_Work required_
In the listing below, find the line with "Ultra-widefield fundus mosaic" and copy every line from there up to and including the line with "Quality assessment: contrast: adequate;", exactly and without pictures.

-- Entries provided follows --

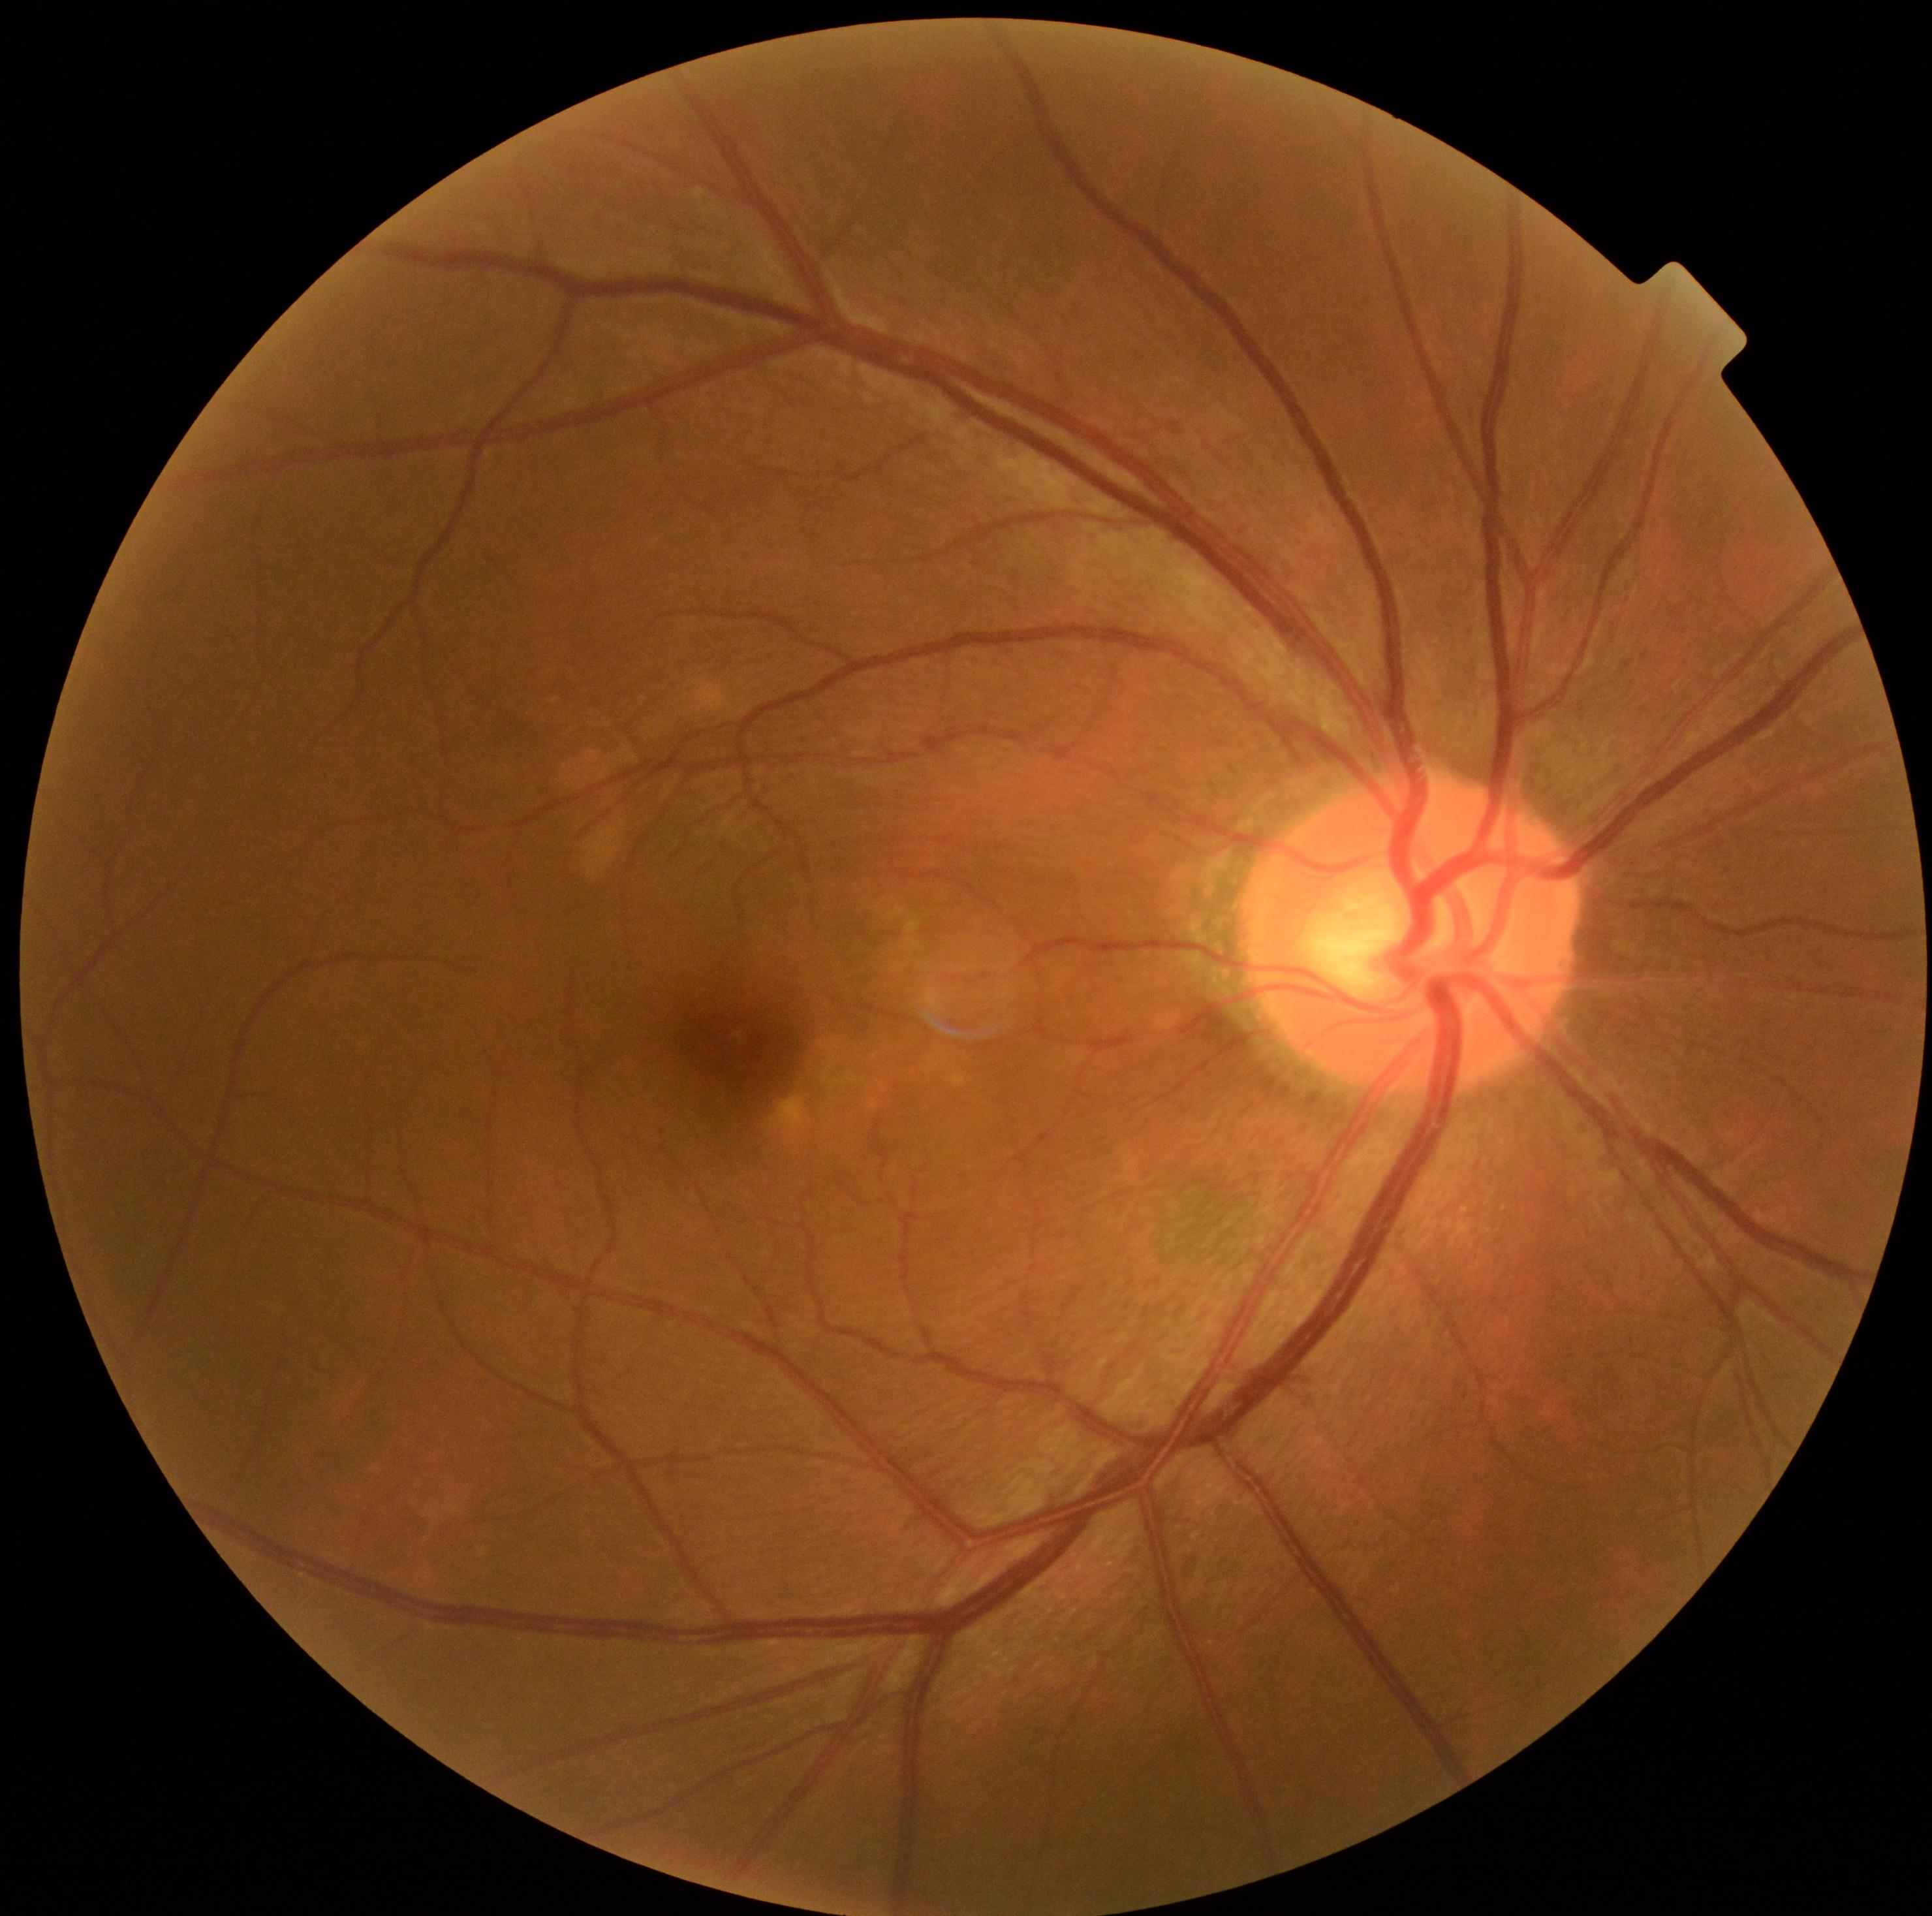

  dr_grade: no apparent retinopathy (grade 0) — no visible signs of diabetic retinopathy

-- Entries provided concluded --
-- Entries provided follows --

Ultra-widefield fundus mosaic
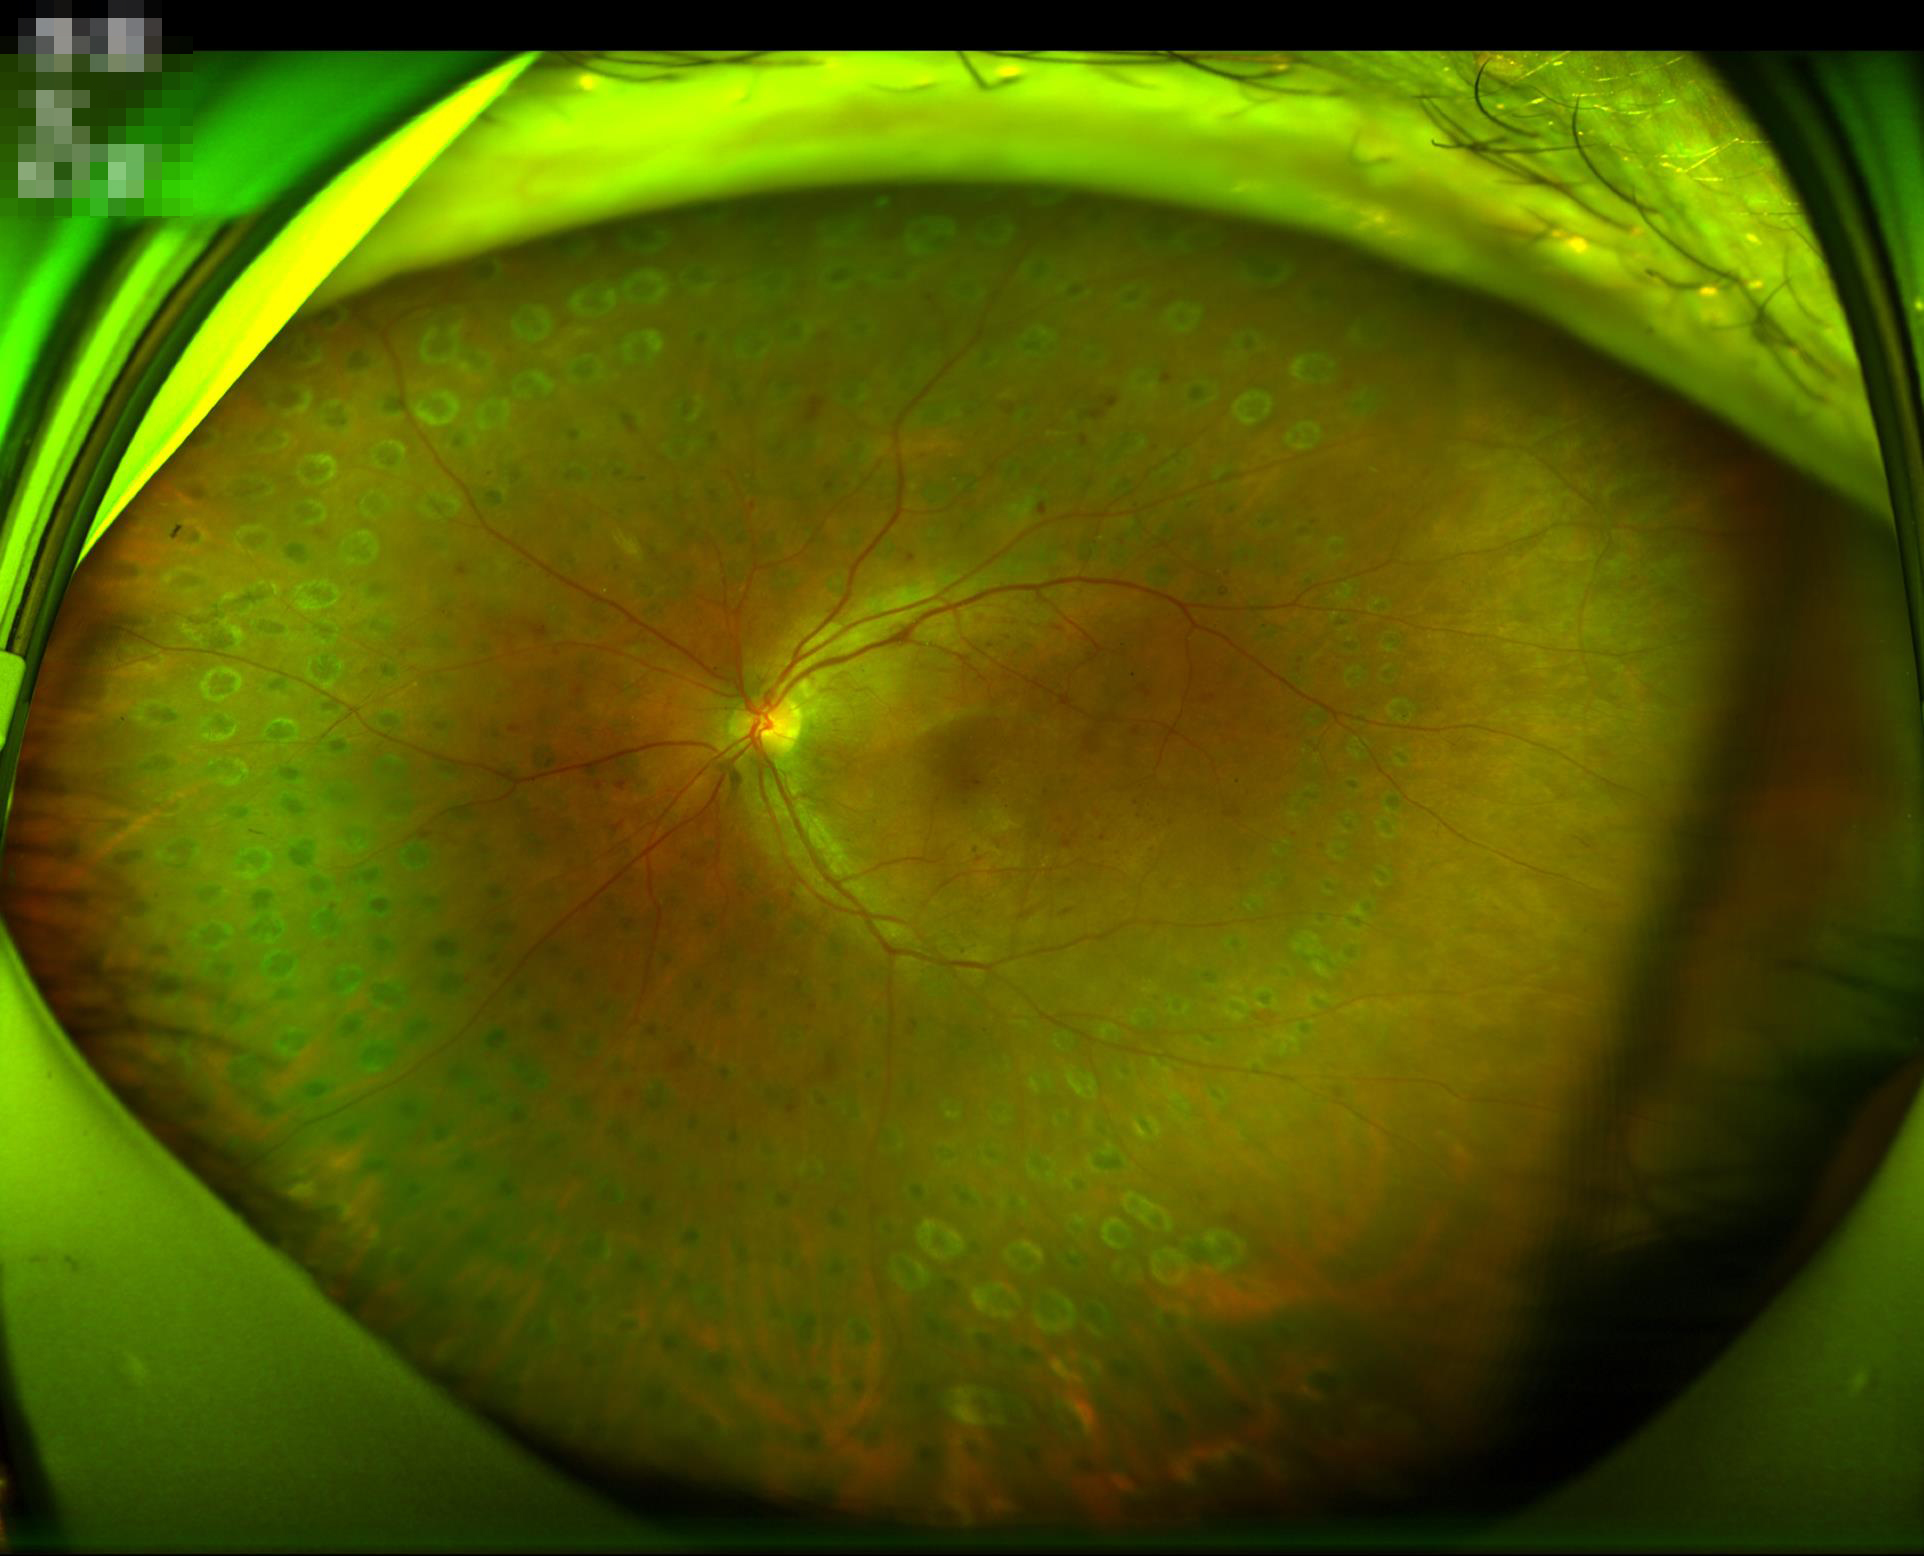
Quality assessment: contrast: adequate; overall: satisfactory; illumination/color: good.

-- Entries provided concluded --

_Result below_
Ultra-widefield fundus mosaic
Quality assessment: contrast: adequate; overall: satisfactory; illumination/color: good.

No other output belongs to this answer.